Staying near your child and encouraging her may provide homework motivation.

No matter how you feel about it, your child is likely to receive homework starting as early as kindergarten. A child who is reluctant to do the work misses out on skills practice and the responsibility gained by completing independent work. You may not convince your elementary student that homework is entertaining, but you can make the task easier with motivational strategies.

Set the Stage

A child-friendly spot to complete homework makes the task more comfortable and productive for your student. If you have the room, set up a dedicated homework spot where all of the supplies and tools are kept. A plastic tub filled with office supplies works in a pinch for a temporary homework station. Keep the tub handy so your child can set it up at the kitchen table. A bulletin board with some of her best work is a motivating decoration for the homework area.

Stay Close

Working alone with no one to talk to or see feels isolating for some elementary kids. Stay close by as she does her work to be her cheerleader and motivator.
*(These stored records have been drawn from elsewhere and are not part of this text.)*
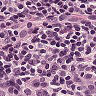
Metastatic tissue present: no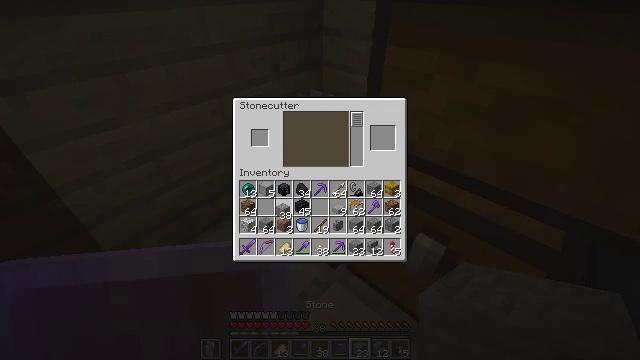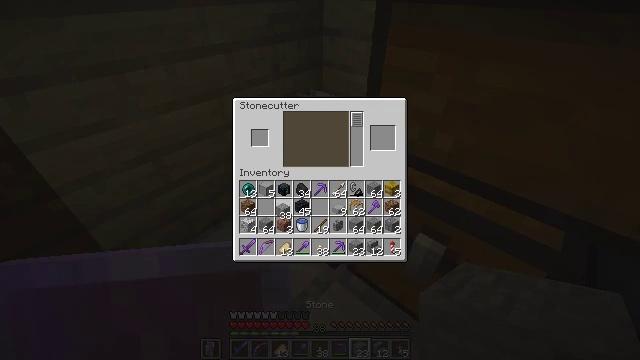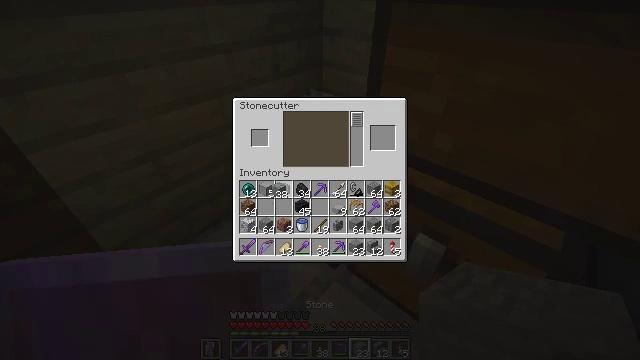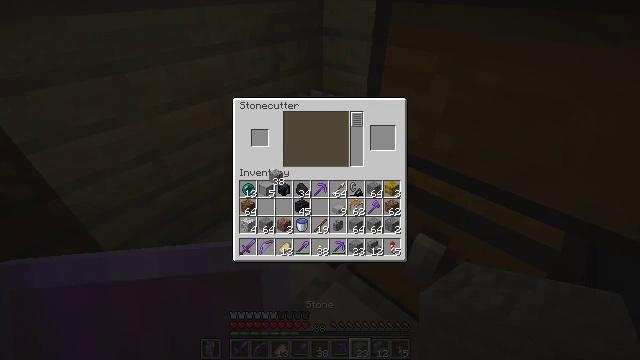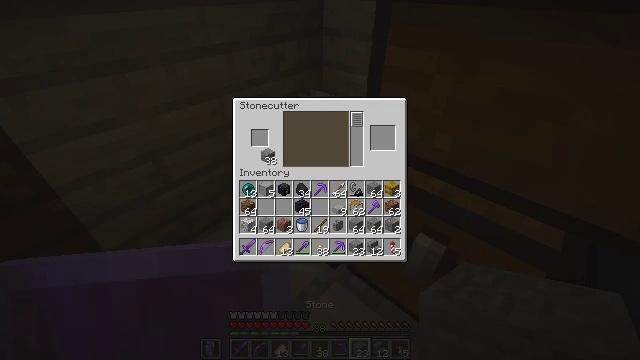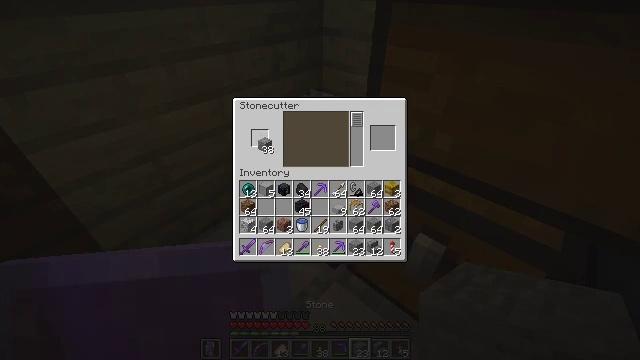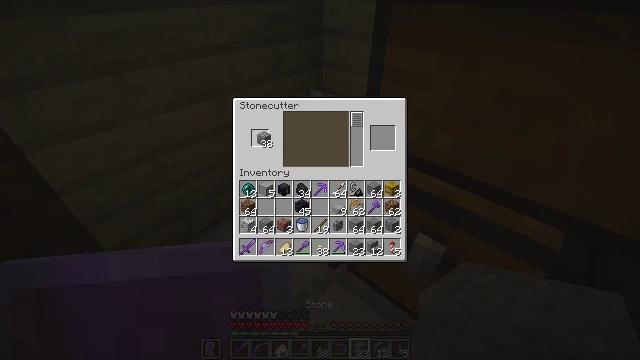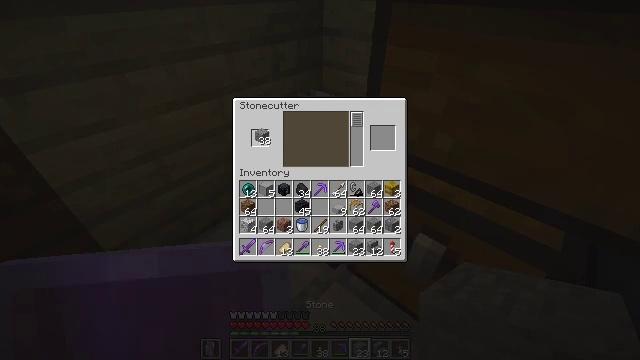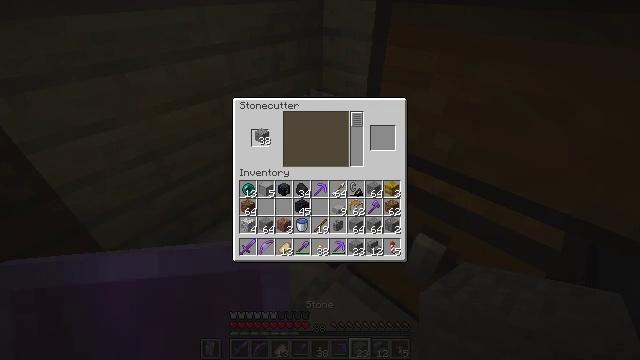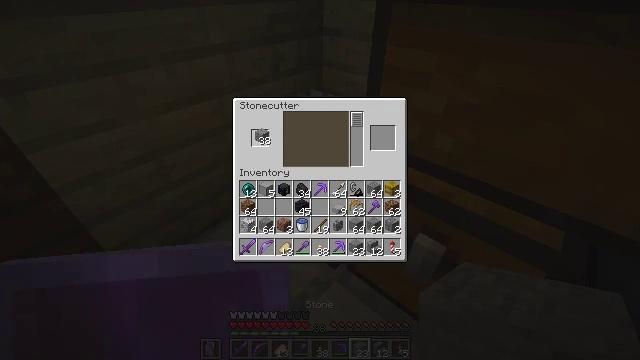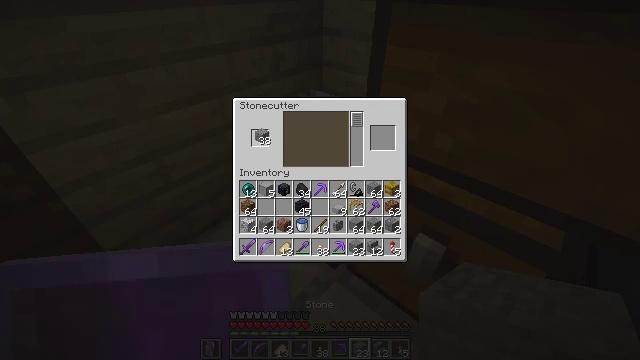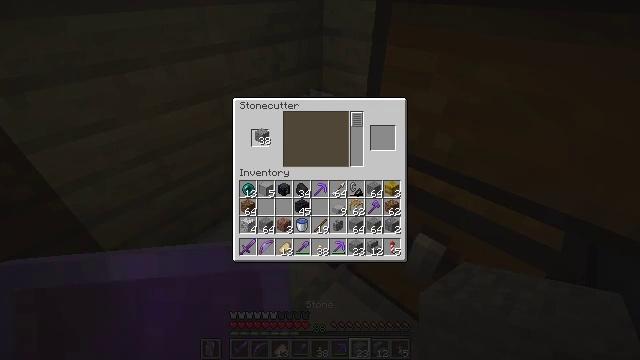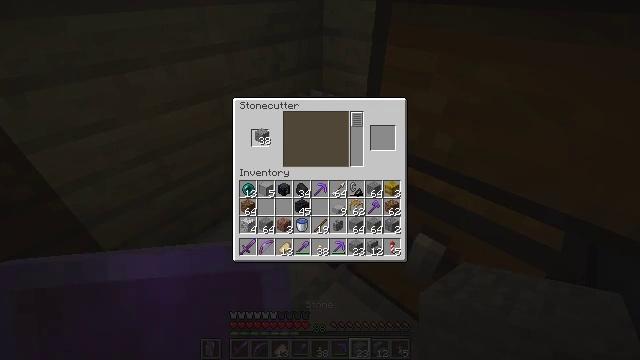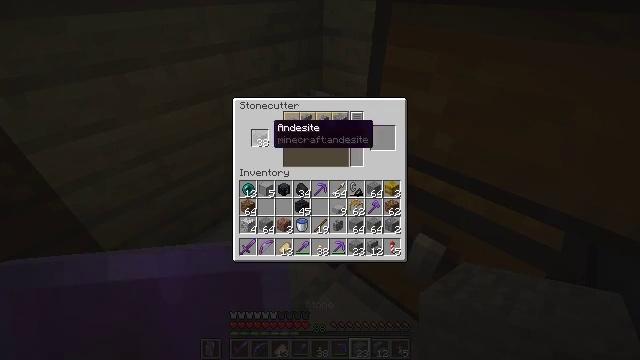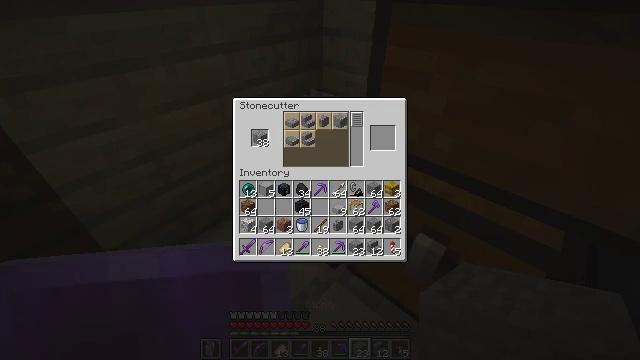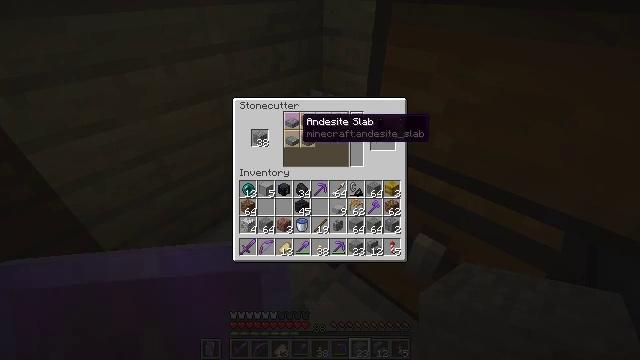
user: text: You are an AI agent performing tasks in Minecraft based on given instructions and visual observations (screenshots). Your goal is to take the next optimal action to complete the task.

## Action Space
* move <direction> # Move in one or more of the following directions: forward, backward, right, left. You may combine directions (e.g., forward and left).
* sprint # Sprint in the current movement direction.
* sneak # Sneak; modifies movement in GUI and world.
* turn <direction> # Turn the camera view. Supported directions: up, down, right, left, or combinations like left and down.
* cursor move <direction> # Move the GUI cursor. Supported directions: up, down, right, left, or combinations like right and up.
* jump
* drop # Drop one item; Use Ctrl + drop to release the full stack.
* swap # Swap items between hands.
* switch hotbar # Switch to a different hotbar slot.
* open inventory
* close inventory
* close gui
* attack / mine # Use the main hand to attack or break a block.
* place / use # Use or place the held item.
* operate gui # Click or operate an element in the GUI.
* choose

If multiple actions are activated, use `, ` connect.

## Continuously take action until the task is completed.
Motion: motion action
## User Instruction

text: Get polished andesite stairs from polished andesite in the crafting grid.
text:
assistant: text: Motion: attack / mine
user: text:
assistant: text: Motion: turn up
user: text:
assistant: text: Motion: turn up
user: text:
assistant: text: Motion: turn left and up
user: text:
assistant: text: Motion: turn up
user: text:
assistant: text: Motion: no_op
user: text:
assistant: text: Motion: no_op
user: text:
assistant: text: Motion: no_op
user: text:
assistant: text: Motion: no_op
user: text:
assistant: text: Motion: attack / mine
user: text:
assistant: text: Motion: attack / mine
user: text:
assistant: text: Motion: attack / mine
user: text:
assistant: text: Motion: no_op
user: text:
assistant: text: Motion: turn right
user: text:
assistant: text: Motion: turn right
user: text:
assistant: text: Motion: turn right
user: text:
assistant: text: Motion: turn right
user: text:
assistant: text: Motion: no_op
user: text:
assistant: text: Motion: no_op
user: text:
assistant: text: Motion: no_op
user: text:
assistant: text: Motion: no_op
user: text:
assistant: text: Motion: no_op
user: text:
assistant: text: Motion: no_op
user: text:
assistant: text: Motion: no_op
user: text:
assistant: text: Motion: no_op
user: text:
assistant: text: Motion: no_op
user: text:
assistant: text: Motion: no_op
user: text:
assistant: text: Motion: no_op
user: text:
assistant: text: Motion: no_op
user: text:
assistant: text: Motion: turn down

The close proximity means you can keep an eye on her work and help out as needed. Check in on her progress and praise her or offer inspiration to keep pushing forward. Being close also allows your child to share stories from her day or talk about the homework, which may help her remember the concepts better.

Break It Up

After spending all day in school, the idea of sitting longer to do homework is unappealing to many kids. Let your child have some play time when she first gets home if she needs it. She can burn off energy so she is better able to focus on the work. Breaking the homework into chunks can help her stay on task. Set mini goals to complete a certain amount of work before she takes a quick break. Say, "After you finish five more math problems, we'll turn on some music and dance." An activity to do at the end of the homework session is another way to keep her motivated. You might say, "When you're done with all of your work, we'll go to the park to play."

Reward the Work

The idea of receiving a good grade or a sticker from the teacher is enough motivation for some kids, but others need something more. A homework reward system keeps track of your child's hard work with prizes or treats at the end. The National Association of School Psychologists suggests setting goals based on your child's homework problems. For a child who rushes, you might set a goal to slow down and review work to avoid mistakes. Each time your child meets the goal, she earns points toward rewards. The prizes don't have to be expensive. A few extra minutes on the computer or extra play time with friends is often motivating to elementary students.